3. Appellant heeft in hoger beroep aangevoerd dat het verzoeken om toepassing van de regeling in zijn situatie geen invloed zou hebben op de hoogte van de schade zoals door hem gevorderd is, omdat de Belastingdienst geen gegevens zou bewaren over de vroegere jaren, zo is hem medegedeeld.
4. De Raad overweegt als volgt.
4.1. Bij de beoordeling van een zelfstandig schadebesluit van het Uwv, zoals het onderhavige, wordt zoveel mogelijk aansluiting gezocht bij het civielrechtelijke schadevergoedingsrecht. Het Uwv heeft niet betwist dat het door appellant gestelde nadeel kan ontstaan en dat dit nadeel aan het Uwv als gevolg van onrechtmatige besluiten kan worden toegerekend. Op grond van de beschikbare gegevens gaat ook de Raad daarvan uit. De Raad acht het verzoek tot vergoeding van deze schade dan ook in beginsel toewijsbaar, met inachtneming van het volgende.

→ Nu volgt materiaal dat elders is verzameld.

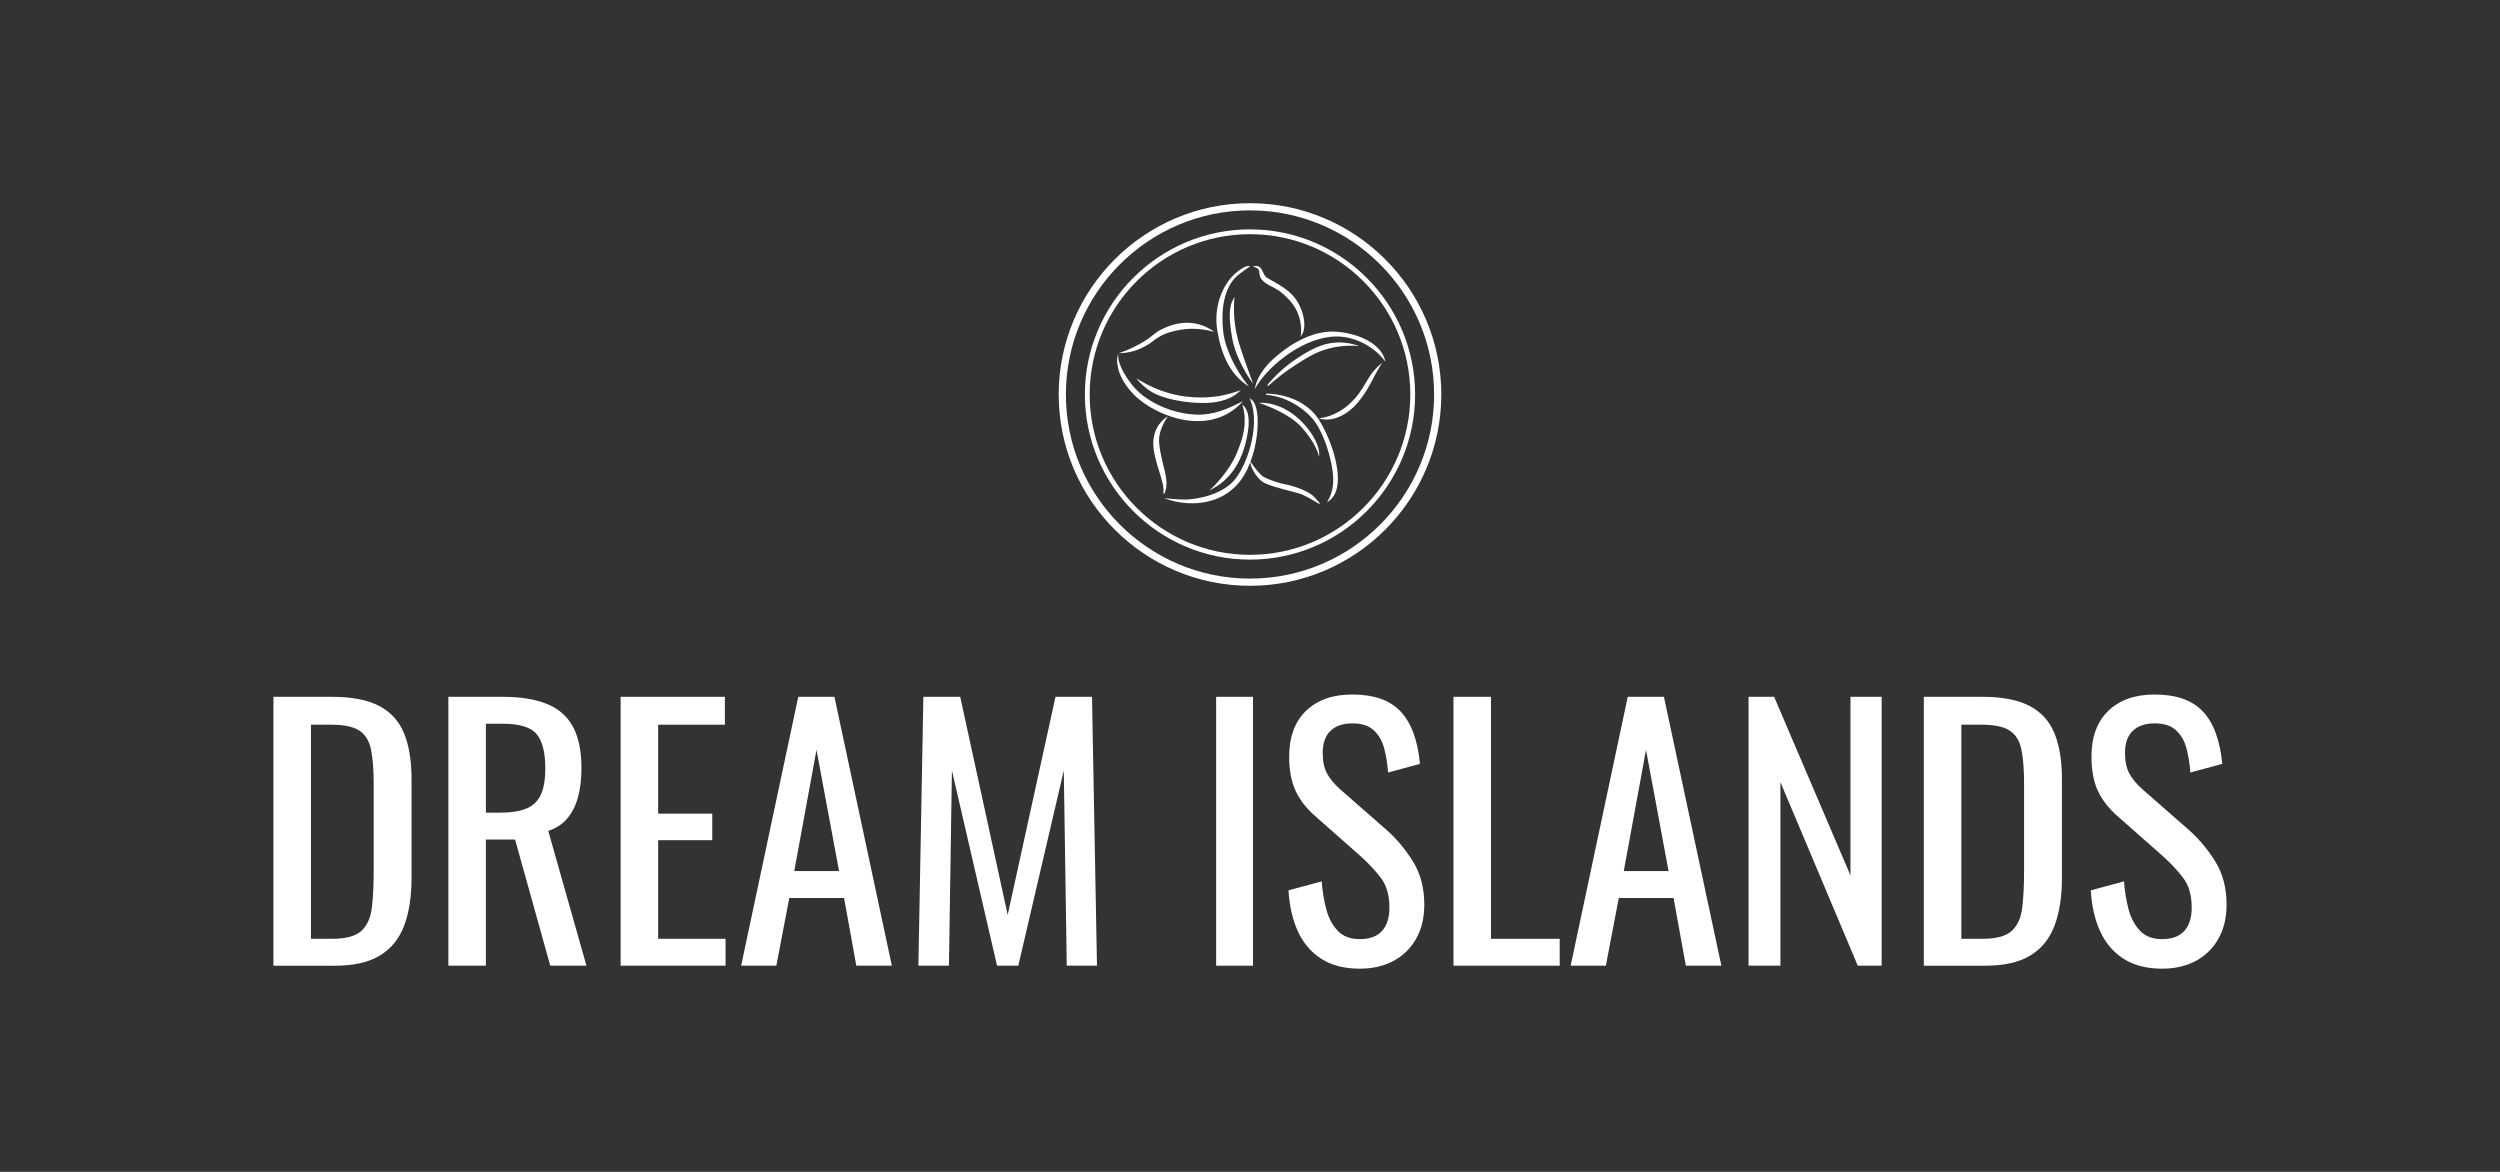 <?xml version="1.0" encoding="UTF-8"?> <svg xmlns="http://www.w3.org/2000/svg" id="Layer_1" viewBox="0 0 1920 900"><rect x="0" y="0" width="1920" height="900" fill="#333333" stroke="none"/><defs><style>.cls-1{fill:#fff;stroke-width:0px;}</style></defs><path class="cls-1" d="m210,741.65v-206.5h44.87c15.3,0,27.41,2.34,36.33,7.01,8.92,4.68,15.3,11.69,19.12,21.03,3.82,9.35,5.74,20.99,5.74,34.93v75.97c0,14.62-1.91,26.94-5.74,36.97-3.82,10.03-10.03,17.63-18.61,22.82-8.58,5.19-20.1,7.78-34.54,7.78h-47.16Zm28.81-20.65h16.32c10.54,0,18.01-2.04,22.43-6.12,4.42-4.08,7.09-10.03,8.03-17.85.93-7.82,1.4-17.25,1.4-28.3v-67.05c0-10.71-.68-19.37-2.04-26-1.36-6.63-4.33-11.47-8.92-14.53-4.59-3.06-11.81-4.59-21.67-4.59h-15.55v164.43Z"></path><path class="cls-1" d="m344.35,741.65v-206.5h41.55c13.77,0,25.15,1.83,34.16,5.48,9.01,3.66,15.68,9.52,20.01,17.59,4.33,8.07,6.5,18.65,6.5,31.74,0,7.99-.85,15.26-2.55,21.8-1.7,6.54-4.42,12.07-8.16,16.57-3.74,4.5-8.67,7.78-14.79,9.81l29.32,103.5h-27.79l-27.02-96.87h-22.43v96.87h-28.81Zm28.81-117.52h10.96c8.16,0,14.79-1.02,19.89-3.06,5.1-2.04,8.83-5.52,11.22-10.45,2.38-4.93,3.57-11.81,3.57-20.65,0-12.07-2.21-20.78-6.63-26.13-4.42-5.35-13.17-8.03-26.26-8.03h-12.75v68.32Z"></path><path class="cls-1" d="m476.66,741.65v-206.5h80.05v21.41h-51.24v68.32h41.55v20.39h-41.55v75.72h51.75v20.65h-80.56Z"></path><path class="cls-1" d="m569.2,741.65l43.85-206.5h27.79l44.1,206.5h-27.28l-9.43-52.01h-42.06l-9.94,52.01h-27.02Zm40.79-72.66h34.42l-17.34-93.05-17.08,93.05Z"></path><path class="cls-1" d="m705.33,741.65l3.82-206.5h28.3l36.46,167.49,36.71-167.49h28.04l3.82,206.5h-23.2l-2.29-149.9-34.93,149.9h-16.32l-34.67-149.9-2.29,149.9h-23.45Z"></path><path class="cls-1" d="m934,741.65v-206.5h28.3v206.5h-28.3Z"></path><path class="cls-1" d="m1044.38,743.95c-11.9,0-21.8-2.55-29.7-7.65-7.9-5.1-13.89-12.15-17.97-21.16-4.08-9.01-6.46-19.46-7.14-31.36l25.49-6.88c.51,7.31,1.66,14.36,3.44,21.16,1.78,6.8,4.72,12.36,8.8,16.7,4.08,4.33,9.77,6.5,17.08,6.5s13.13-2.08,16.95-6.25c3.82-4.16,5.74-10.15,5.74-17.97,0-9.34-2.13-16.87-6.37-22.56-4.25-5.69-9.6-11.43-16.06-17.21l-34.67-30.59c-6.8-5.95-11.81-12.45-15.04-19.5-3.23-7.05-4.84-15.76-4.84-26.13,0-15.13,4.33-26.85,13-35.18,8.67-8.33,20.48-12.49,35.44-12.49,8.16,0,15.34,1.06,21.54,3.19,6.2,2.13,11.38,5.4,15.55,9.81,4.16,4.42,7.48,9.99,9.94,16.7,2.46,6.72,4.12,14.57,4.97,23.58l-24.47,6.63c-.51-6.8-1.53-13.04-3.06-18.74-1.53-5.69-4.21-10.28-8.03-13.77-3.82-3.48-9.3-5.23-16.44-5.23s-12.71,1.91-16.7,5.74c-4,3.82-5.99,9.48-5.99,16.95,0,6.29,1.06,11.47,3.19,15.55,2.12,4.08,5.57,8.25,10.33,12.49l34.93,30.59c7.82,6.8,14.7,14.91,20.65,24.35,5.95,9.43,8.92,20.61,8.92,33.52,0,10.2-2.13,18.99-6.37,26.39-4.25,7.39-10.07,13.05-17.46,16.95-7.39,3.91-15.93,5.86-25.62,5.86Z"></path><path class="cls-1" d="m1116.27,741.65v-206.5h28.81v185.85h52.77v20.65h-81.58Z"></path><path class="cls-1" d="m1206.26,741.65l43.85-206.5h27.79l44.1,206.5h-27.28l-9.43-52.01h-42.06l-9.94,52.01h-27.02Zm40.79-72.66h34.42l-17.34-93.05-17.08,93.05Z"></path><path class="cls-1" d="m1342.9,741.65v-206.5h19.63l58.63,137.15v-137.15h23.96v206.5h-18.35l-59.4-140.98v140.98h-24.47Z"></path><path class="cls-1" d="m1477.5,741.65v-206.5h44.87c15.3,0,27.41,2.34,36.33,7.01,8.92,4.68,15.3,11.69,19.12,21.03,3.82,9.35,5.74,20.99,5.74,34.93v75.97c0,14.62-1.91,26.94-5.74,36.97-3.82,10.03-10.03,17.63-18.61,22.82-8.58,5.19-20.1,7.78-34.54,7.78h-47.16Zm28.81-20.65h16.32c10.54,0,18.01-2.04,22.43-6.12,4.42-4.08,7.09-10.03,8.03-17.85.93-7.82,1.4-17.25,1.4-28.3v-67.05c0-10.71-.68-19.37-2.04-26-1.36-6.63-4.33-11.47-8.92-14.53-4.59-3.06-11.81-4.59-21.67-4.59h-15.55v164.43Z"></path><path class="cls-1" d="m1660.54,743.95c-11.9,0-21.8-2.55-29.7-7.65-7.9-5.1-13.89-12.15-17.97-21.16-4.08-9.01-6.46-19.46-7.14-31.36l25.49-6.88c.51,7.31,1.66,14.36,3.44,21.16,1.78,6.8,4.72,12.36,8.8,16.7,4.08,4.33,9.77,6.5,17.08,6.5s13.13-2.08,16.95-6.25c3.82-4.16,5.74-10.15,5.74-17.97,0-9.34-2.13-16.87-6.37-22.56-4.25-5.69-9.6-11.43-16.06-17.21l-34.67-30.59c-6.8-5.95-11.81-12.45-15.04-19.5-3.23-7.05-4.84-15.76-4.84-26.13,0-15.13,4.33-26.85,13-35.18,8.67-8.33,20.48-12.49,35.44-12.49,8.16,0,15.34,1.06,21.54,3.19,6.2,2.13,11.38,5.4,15.55,9.81,4.16,4.42,7.48,9.99,9.94,16.7,2.46,6.72,4.12,14.57,4.97,23.58l-24.47,6.63c-.51-6.8-1.53-13.04-3.06-18.74-1.53-5.69-4.21-10.28-8.03-13.77-3.82-3.48-9.3-5.23-16.44-5.23s-12.71,1.91-16.7,5.74c-4,3.82-5.99,9.48-5.99,16.95,0,6.29,1.06,11.47,3.19,15.55,2.12,4.08,5.57,8.25,10.33,12.49l34.93,30.59c7.82,6.8,14.7,14.91,20.65,24.35,5.95,9.43,8.92,20.61,8.92,33.52,0,10.2-2.13,18.99-6.37,26.39-4.25,7.39-10.07,13.05-17.46,16.95-7.39,3.91-15.93,5.86-25.62,5.86Z"></path><path class="cls-1" d="m967.22,209.65c.16,1.61.34,3.44,2.09,5.36,2.35,2.58,4.56,3.68,7.13,4.95,3.46,1.72,7.77,3.86,14.06,10.77,10.58,11.63,8.67,25.61,8.65,25.75l-.32,2.2,1.17-1.89c4.08-6.63.6-21.35-7.02-29.72-4.77-5.24-11.23-8.83-15.95-11.44-2.46-1.37-4.41-2.45-5.13-3.24-.64-.7-1.14-1.79-1.67-2.94-1.18-2.55-2.65-5.72-6.33-5.1l-1.82.31,1.75.58c3.06,1.01,3.21,2.45,3.4,4.43Z"></path><path class="cls-1" d="m956.73,295.21l2.56,1.85-1.93-2.5c-7.25-9.39-16.29-25.42-17.9-39.69-3.08-27.27,6.06-38.87,10.18-42.58,2.84-2.58,9.53-7.14,9.6-7.18l1.04-.7-1.25-.13c-.15-.02-3.69-.3-10.8,6.17-8.28,7.58-16.78,23.71-13.2,44.26,3.37,19.37,10.27,32.24,21.7,40.5Z"></path><path class="cls-1" d="m947.92,230.16l.18-2.07-1.03,1.8c-3.24,5.68-3.46,14.29-.77,29.71,2.89,16.52,14.07,32.29,14.18,32.45l2.01,2.81-1.21-3.23c-.09-.23-8.64-23.19-10.66-31.43-.97-3.94-3.9-15.94-2.7-30.04Z"></path><path class="cls-1" d="m1063.4,275.64c-3.28-10.8-17.87-19.17-36.3-20.84-20.79-1.88-39.93,12.43-49.49,21.12-11.17,10.16-13.26,19.75-13.35,20.16l-.61,2.94,1.46-2.63c.04-.07,4.17-7.4,14.17-16.5,4.88-4.44,30.54-26.31,56.15-20.47,15.57,3.55,24.19,12.81,27.17,16.63l1.51,1.93-.71-2.35Z"></path><path class="cls-1" d="m1020.35,267.71c6.41-1.71,13.08-2.44,19.82-2.17l3.88.16-3.74-1.05c-3.56-1-7.2-1.55-10.83-1.64-13.93-.31-24.45,6.48-32.91,11.94-8.71,5.62-16.56,12.64-23.31,20.85l.66.63c6.81-6.15,14.11-11.72,21.72-16.57,8.39-5.34,15.02-9.57,24.72-12.16Z"></path><path class="cls-1" d="m1048.73,294.28c-2.93,4.98-5.96,10.14-12.48,16.06-10.35,9.42-21.11,10.57-21.22,10.59l-2.37.23,2.29.66c.45.13,11.16,3.05,23.92-8.56.42-.39.84-.79,1.27-1.21,4.18-4.15,8.34-9.98,12.37-17.36.54-.98,1.05-1.99,1.61-3.09,1.33-2.6,2.99-5.84,5.81-10.43l1.63-2.66-2.33,2.08c-5.18,4.62-7.76,9.02-10.5,13.68Z"></path><path class="cls-1" d="m972.37,302.35v.91c.2,0,18.44.35,34.47,16.94,9.1,9.42,16.5,32.49,17.05,46.82.35,9.29-2.54,14.67-3.63,16.7l-1.09,2.06,1.62-1.2c.53-.39,1.03-.82,1.5-1.29,2.83-2.8,4.52-6.91,5.04-12.24,1.7-17.34-9.83-44.48-18.14-53.62-14.4-15.83-36.6-15.1-36.82-15.09Z"></path><path class="cls-1" d="m999.45,327.93c9.99,10.98,12.75,19.93,12.78,20.02l.91,3.02v-3.15c-.01-.38-.18-9.49-11.84-22.31-7.84-8.62-16.11-12.55-21.66-14.34-6.04-1.94-10.17-1.84-10.34-1.83l-2.61.08,2.48.81c.2.07,20.3,6.73,30.28,17.7Z"></path><path class="cls-1" d="m987.05,371.97c-3.61-.52-12.19-3.42-16.1-5.43-3.75-1.93-9.59-10.56-9.65-10.65l-.9-1.33c4.81-12.82,6.22-27.17,5.23-36.16-.67-6.07-2.34-10.23-4.72-11.71l-1.24-.77.57,1.34c8.33,19.4-3.14,53.53-14.51,63.86-12.54,11.41-32.22,12.43-34.42,12.51-4.88.17-13.39-.69-13.48-.69l-3.69-.38,3.49,1.26c.3.11,29.96,10.5,51.07-10.13.07-.06.13-.13.19-.19,4.94-4.91,8.65-11.47,11.34-18.52l.23,1.25c.6,3.31,3.96,9.82,8.71,13.46,3.61,2.77,14.25,5.52,22.02,7.52,3.76.97,7.01,1.81,8.42,2.38,4,1.62,11.95,6.46,13.04,7.13.08.05.12.08.12.08.14.08.51.16.65.03,0,0,.15-.15.21-.34.03-.08-.09-.2-.09-.2l-4.06-4.46c-5.12-5.63-19.28-9.4-22.44-9.86Z"></path><path class="cls-1" d="m867.77,270.36c3.9-.82,7.86-2.35,12.1-4.69,2.94-1.62,4.38-2.74,5.76-3.82,1.07-.83,2.07-1.61,3.73-2.63,5.91-3.62,11.25-4.74,15.15-5.56,8.24-1.73,17.08-1.52,25.56.62l2.66.67-2.3-1.5c-3.06-1.99-6.35-3.47-9.78-4.4-8.86-2.39-18.67-1.09-28.38,3.77-3.34,1.67-5.01,3.02-6.93,4.59-2,1.62-4.26,3.46-9.01,6.17-4.55,2.6-9.36,4.84-14.27,6.64l-2.96,1.09,3.15-.2c1.85-.12,3.71-.37,5.53-.76Z"></path><path class="cls-1" d="m952.67,310.16c.09-.09.18-.18.27-.27l1.75-1.77-2.27,1.03c-.67.3-1.48.7-2.41,1.16-6.41,3.15-18.34,9.02-32.83,8.05-22.97-1.53-39.4-13.41-44.88-19.48-12.39-13.72-13.34-23.42-13.35-23.51l-.32-3.77-.59,3.74c-.08.48-1.7,11.89,11.41,26.31,9.53,10.48,29.46,21.32,49.09,21.75,13.5.29,24.97-4.16,34.13-13.23Z"></path><path class="cls-1" d="m898.32,302.08c-8.12-2.23-15.94-5.63-23.23-10.1l-2.37-1.45,1.78,2.14c1.7,2.03,7.67,7.94,14.88,10.77,16.44,6.48,36.7,6.93,45.23,5.2,7.68-1.56,12.51-3.74,16.66-7.51l1.69-1.54-2.15.77c-3.87,1.38-7.87,2.5-11.89,3.3-7.52,1.51-22.79,3.31-40.59-1.58Z"></path><path class="cls-1" d="m894.19,379.13c.06-.03.08-.06.11-.12,2.74-5.89,1.36-13.27-.36-19.73-1.33-5.01-4.36-17.29-3.7-23.2.88-7.82,5.45-14.38,5.5-14.44l1.3-1.85-1.92,1.2c-.1.06-9.64,6.18-9.38,20,.13,6.78,2.47,14.33,4.53,20.99,2.17,7,4.05,13.05,3.11,16.8,0,.04-.02.06,0,.09,0,.01.06.04.06.04l.58.22s.1.03.17,0Z"></path><path class="cls-1" d="m931.32,374.29l-2.57,2.46,3.11-1.73c3.77-2.1,7.16-4.64,10.17-7.63,6.59-6.54,11.36-15.19,14.24-25.86,3.95-14.65,3.65-24.62-.91-29.63l-1.22-1.34.44,1.76c3.17,12.71.63,22.81-4.84,35.96-5.72,13.76-18.29,25.88-18.42,26.01Z"></path><path class="cls-1" d="m960,429.78c-69.92,0-126.81-56.89-126.81-126.81s56.89-126.81,126.81-126.81,126.81,56.89,126.81,126.81-56.89,126.81-126.81,126.81Zm0-249.93c-67.89,0-123.13,55.24-123.13,123.13s55.23,123.13,123.13,123.13,123.13-55.23,123.13-123.13-55.23-123.13-123.13-123.13Z"></path><path class="cls-1" d="m960,449.89c-81.01,0-146.92-65.91-146.92-146.92s65.91-146.92,146.92-146.92,146.92,65.91,146.92,146.92-65.91,146.92-146.92,146.92Zm0-288.32c-77.97,0-141.4,63.43-141.4,141.4s63.43,141.4,141.4,141.4,141.4-63.43,141.4-141.4-63.43-141.4-141.4-141.4Z"></path></svg>

4.2. De schade beloopt het verschil tussen de in werkelijkheid geheven belasting (of loonheffing) én de belasting (of loonheffing) die verschuldigd zou zijn geweest indien de periodieke betalingen die het Uwv (of zijn rechtsvoorgangers) aan appellant verschuldigd was tijdig waren gedaan. Indien met instemming van de fiscale autoriteiten gebruik is of kan worden gemaakt van middeling en/of van de in de resoluties van de staatssecretaris van Financiën opgenomen uitsmeerregeling inzake nabetaalde inkomsten, wordt bij het vaststellen van de omvang van de schade, in plaats van de fictief geheven belasting in een normale situatie, de na toepassing van de middeling en/of uitsmeerregeling verschuldigde bedragen in aanmerking genomen. Dit vloeit voort uit de regel in het civiele recht dat de benadeelde verplicht is de schade te beperken voor zover hem dit mogelijk is en redelijkerwijs van hem kan worden verlangd. De tot dit doel gemaakte kosten behoren tot de schadeposten die door de schuldenaar (in dit geval het Uwv) moeten worden vergoed, ongeacht of zij inderdaad tot voorkoming of beperking van de schade hebben geleid.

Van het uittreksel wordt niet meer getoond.